Segment Open

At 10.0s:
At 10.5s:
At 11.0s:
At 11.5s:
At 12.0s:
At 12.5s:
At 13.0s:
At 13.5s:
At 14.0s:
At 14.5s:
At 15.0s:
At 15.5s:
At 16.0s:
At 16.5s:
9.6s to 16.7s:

Segment Closed

Reproduce the entries above exactly.

At 10.0s:
At 10.5s:
At 11.0s:
At 11.5s:
At 12.0s:
At 12.5s:
At 13.0s:
At 13.5s:
At 14.0s:
At 14.5s:
At 15.0s:
At 15.5s:
At 16.0s:
At 16.5s:
9.6s to 16.7s:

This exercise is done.